**Task item:** From the first line to the last, give the material again exactly, without the images.

Data segment START

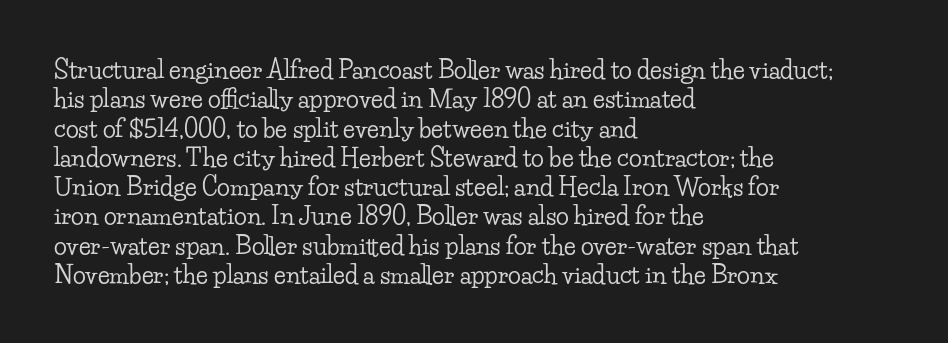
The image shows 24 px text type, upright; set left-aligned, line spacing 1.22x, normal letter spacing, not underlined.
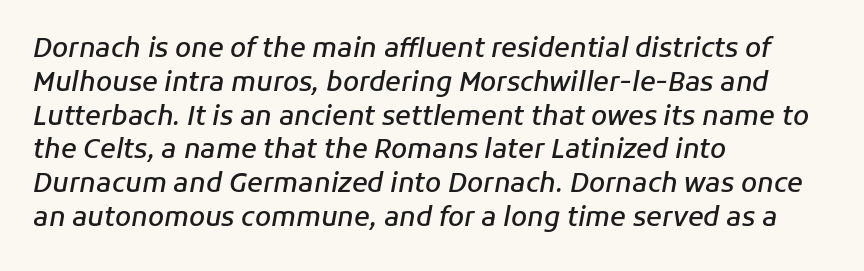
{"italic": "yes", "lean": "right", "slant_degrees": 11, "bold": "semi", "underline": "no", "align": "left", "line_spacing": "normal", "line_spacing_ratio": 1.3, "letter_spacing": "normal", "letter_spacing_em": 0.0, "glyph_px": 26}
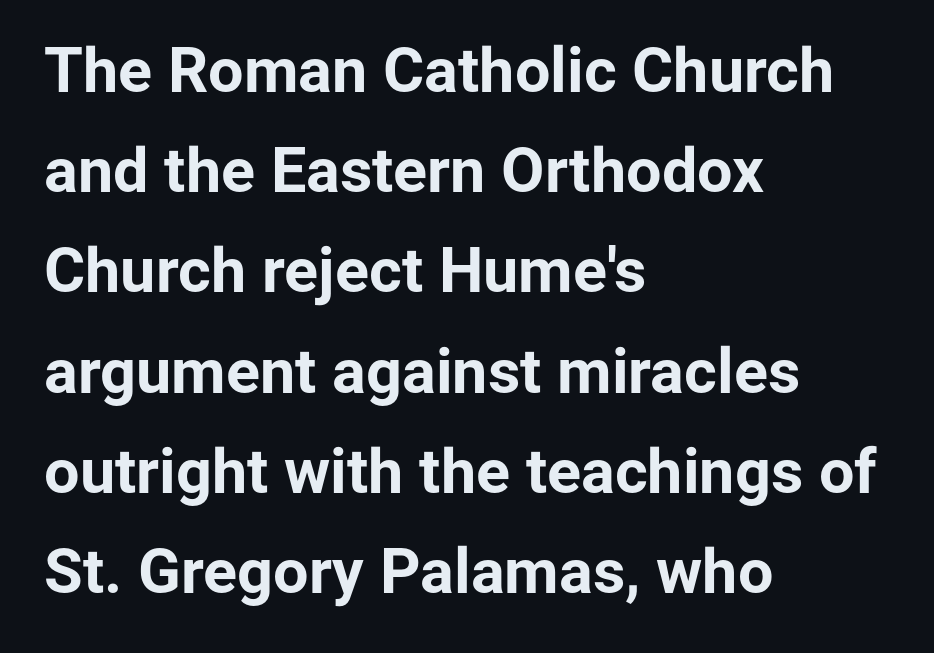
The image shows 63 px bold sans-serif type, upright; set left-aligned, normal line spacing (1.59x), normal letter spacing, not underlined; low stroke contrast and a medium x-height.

Data segment END

**Response:**
The image shows 24 px text type, upright; set left-aligned, line spacing 1.22x, normal letter spacing, not underlined.
{"italic": "yes", "lean": "right", "slant_degrees": 11, "bold": "semi", "underline": "no", "align": "left", "line_spacing": "normal", "line_spacing_ratio": 1.3, "letter_spacing": "normal", "letter_spacing_em": 0.0, "glyph_px": 26}
The image shows 63 px bold sans-serif type, upright; set left-aligned, normal line spacing (1.59x), normal letter spacing, not underlined; low stroke contrast and a medium x-height.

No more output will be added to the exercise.